Document Stores

intermediate nosql mongodb document-store denormalization

A document store is a database that stores data as documents — think JSON objects. Instead of rigid rows and columns, each document can have its own structure. No two documents in the same collection need to look alike.

MongoDB is the most popular document store, so we’ll use it as our primary example. Others include CouchDB, Amazon DocumentDB, and Firebase Firestore.

Terminology: SQL vs Document Store

SQL (PostgreSQL) Document (MongoDB)
DatabaseDatabase
TableCollection
RowDocument
ColumnField
JOIN$lookup (or embedding)
Schema (enforced)Schema (optional, flexible)

What a Document Looks Like

Documents are stored as BSON (Binary JSON) in MongoDB. They can contain nested objects, arrays, and any level of complexity:

{
  "_id": "ObjectId('65f1a2b3c4d5e6f7a8b9c0d1')",
  "name": "Manish Prajapati",
  "email": "manish@example.com",
  "age": 25,
  "address": {
    "city": "Mumbai",
    "state": "Maharashtra",
    "pin": "400001"
  },
  "skills": ["JavaScript", "Python", "PostgreSQL"],
  "experience": [
    {
      "company": "Acme Corp",
      "role": "Backend Developer",
      "years": 2
    },
    {
      "company": "Startup Inc",
      "role": "Full Stack",
      "years": 1
    }
  ]
}

Notice how the address and experience are embedded directly inside the user document.
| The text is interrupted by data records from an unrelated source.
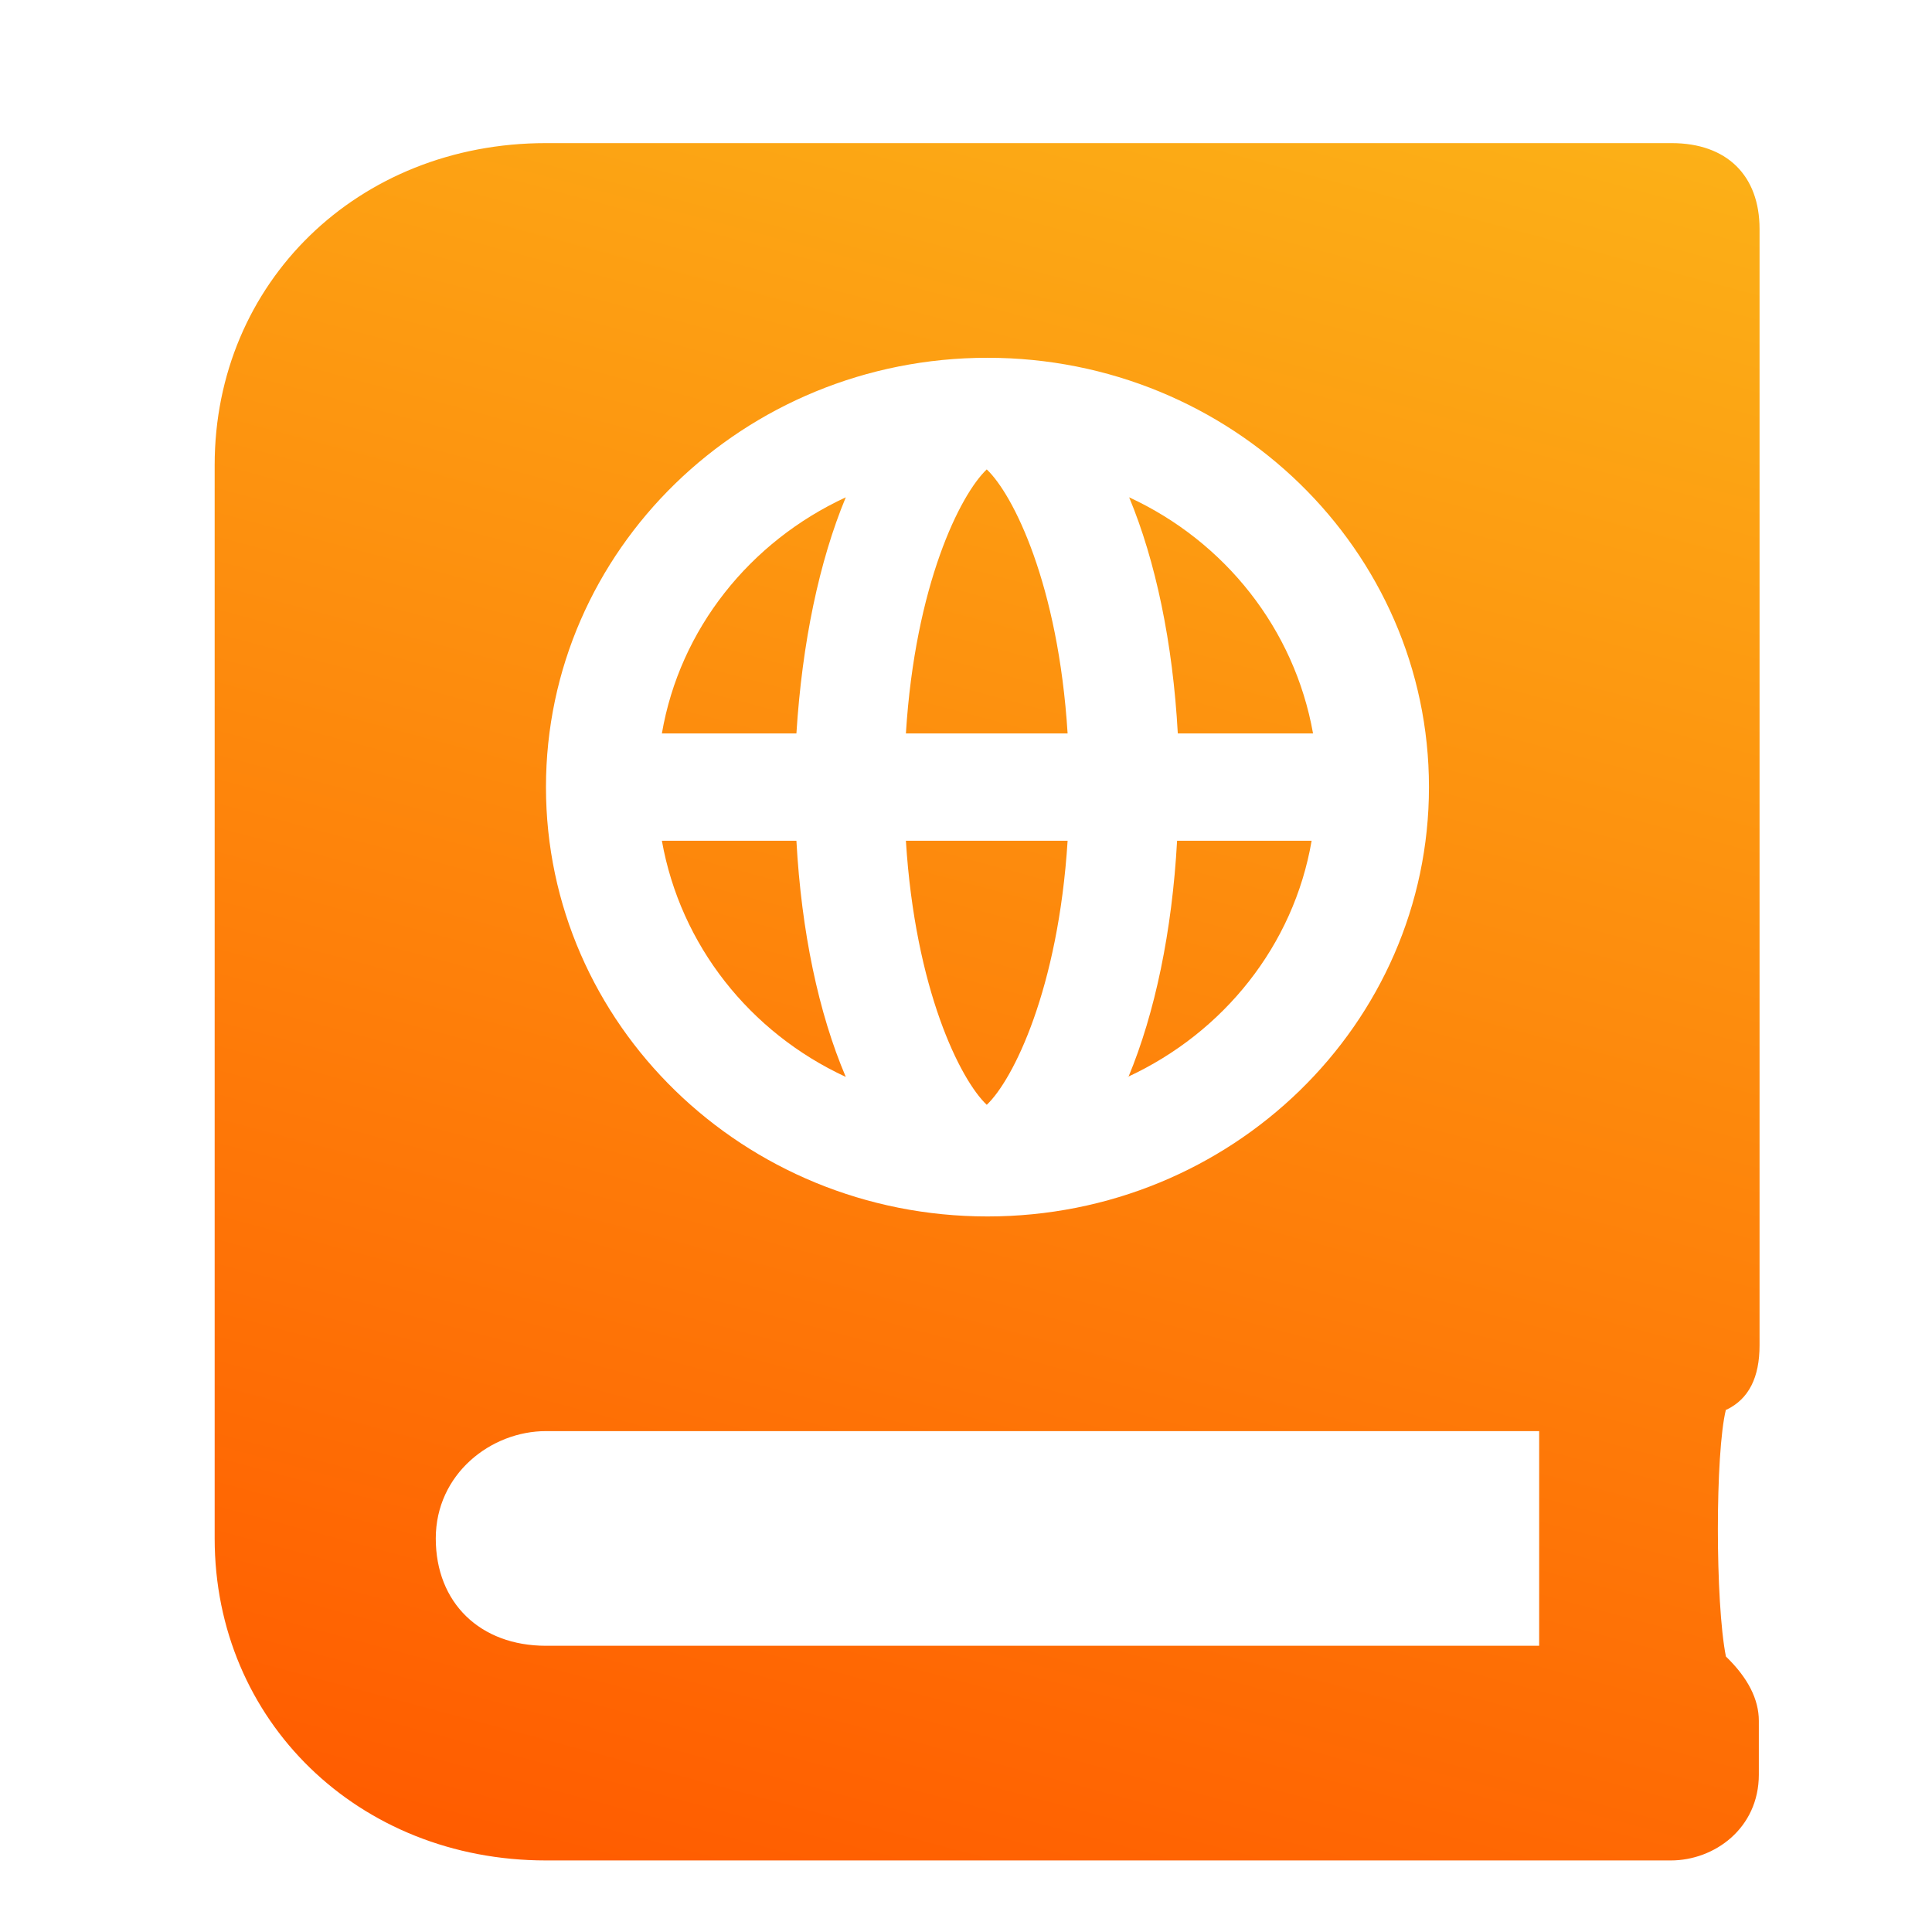 <svg width="27" height="27" viewBox="0 0 27 27" fill="none" xmlns="http://www.w3.org/2000/svg">
<g clip-path="url(#clip0_387_686)">
<path d="M24.12 19.7C23.97 20.3 23.97 22.4 24.12 23.15C24.43 23.45 24.58 23.75 24.58 24.05V24.8C24.58 25.55 23.96 26 23.35 26H7.63C5.01 26 3 24.05 3 21.5V6.5C3 3.95 5 2 7.63 2H23.36C24.13 2 24.59 2.45 24.59 3.2V18.8C24.59 19.25 24.44 19.55 24.13 19.7H24.12ZM21.5 20H7.63C6.86 20 6.09 20.6 6.09 21.5C6.09 22.4 6.71 23 7.63 23H21.51V20H21.5ZM7.63 11C7.63 14.31 10.39 17 13.8 17C17.21 17 19.97 14.31 19.97 11C19.97 7.69 17.21 5 13.8 5C10.39 5 7.63 7.69 7.63 11ZM11.13 10.25H9.25C9.5 8.79 10.48 7.57 11.82 6.95C11.45 7.84 11.21 8.98 11.13 10.25ZM9.25 11.75H11.13C11.2 13.02 11.44 14.16 11.82 15.05C10.48 14.43 9.51 13.21 9.25 11.75ZM13.79 15.44C13.42 15.09 12.79 13.83 12.66 11.75H14.92C14.79 13.82 14.16 15.09 13.79 15.44ZM14.92 10.25H12.66C12.79 8.17 13.42 6.91 13.79 6.56C14.16 6.91 14.79 8.17 14.92 10.25ZM16.46 10.25C16.39 8.98 16.15 7.84 15.78 6.95C17.12 7.57 18.09 8.79 18.35 10.25H16.47H16.46ZM15.77 15.05C16.14 14.16 16.38 13.02 16.45 11.75H18.33C18.08 13.21 17.1 14.43 15.76 15.05H15.77Z" fill="url(#paint0_linear_387_686)"/>
</g>
<defs>
<linearGradient id="paint0_linear_387_686" x1="10.69" y1="27" x2="17.81" y2="0.45" gradientUnits="userSpaceOnUse">
<stop stop-color="#FF5C00"/>
<stop offset="1" stop-color="#FCB017"/>
</linearGradient>
<clipPath id="clip0_387_686">
<rect width="21.59" height="24" fill="white" transform="translate(3 2)"/>
</clipPath>
</defs>
</svg>

In a relational database, those would be separate tables with foreign keys.

Embedding vs Referencing

This is the biggest design decision in document databases.

Embedding (denormalized) — store related data directly inside the document:

// Order with embedded items — one read gets everything
{
  "_id": "order_123",
  "customer": "Manish",
  "items": [
    { "product": "Keyboard", "price": 2500, "qty": 1 },
    { "product": "Mouse", "price": 800, "qty": 2 }
  ],
  "total": 4100
}

Referencing (normalized) — store just the ID and look up the related data separately:

// Order with references — need a second query to get items
{
  "_id": "order_123",
  "customer_id": "user_456",
  "item_ids": ["item_789", "item_790"],
  "total": 4100
}

When to embed:

  • Data is always accessed together (order + items)
  • The embedded data doesn’t change often
  • The embedded data won’t grow unboundedly
  • One-to-few relationships

When to reference:

  • Data is shared across documents (a product referenced by many orders)
  • The related data changes frequently
  • The related data could grow very large
  • Many-to-many relationships

Basic MongoDB Queries

// Insert a document
db.users.insertOne({
  name: "Manish",
  email: "manish@example.com",
  age: 25,
  skills: ["JavaScript", "Python"]
})

// Find documents
db.users.find({ age: { $gte: 25 } })              // age >= 25
db.users.find({ skills: "Python" })                 // array contains "Python"
db.users.find({ "address.city": "Mumbai" })         // nested field

// Update
db.users.updateOne(
  { email: "manish@example.com" },                  // filter
  { $set: { age: 26 }, $push: { skills: "Go" } }   // update
)

// Delete
db.users.deleteOne({ email: "manish@example.com" })

Aggregation Pipeline

MongoDB’s aggregation pipeline is like SQL’s GROUP BY on steroids. We chain stages together to transform data:

// Find the average order total per customer, sorted by highest
db.orders.aggregate([
  { $match: { status: "completed" } },           // WHERE status = 'completed'
  { $group: {
      _id: "$customer_id",                        // GROUP BY customer_id
      avgTotal: { $avg: "$total" },               // AVG(total)
      orderCount: { $sum: 1 }                     // COUNT(*)
  }},
  { $sort: { avgTotal: -1 } },                   // ORDER BY avgTotal DESC
  { $limit: 10 }                                  // LIMIT 10
])

When Documents Beat Tables

Document stores shine when:

  • Schema varies across records — e-commerce products where a laptop has different fields than a t-shirt
  • Data is hierarchical — nested objects and arrays are natural
  • Rapid prototyping — no migrations needed, just add fields
  • Read-heavy with co-located data — one read gets everything (no JOINs)
  • Horizontal scaling — sharding is built into MongoDB

Document stores struggle when:

  • We need complex JOINs across many collections
  • We need strict schema enforcement (though MongoDB supports schema validation now)
  • We need multi-document ACID transactions everywhere (MongoDB supports them since v4.0, but they’re slower than single-document operations)
  • Data is highly relational with many-to-many relationships

In simple language, document stores let us store data the way our application actually uses it. Instead of splitting everything into flat tables and JOINing them back together, we store complete objects. The trade-off is that some queries become harder (cross-collection joins), but the queries we run most often become much simpler and faster.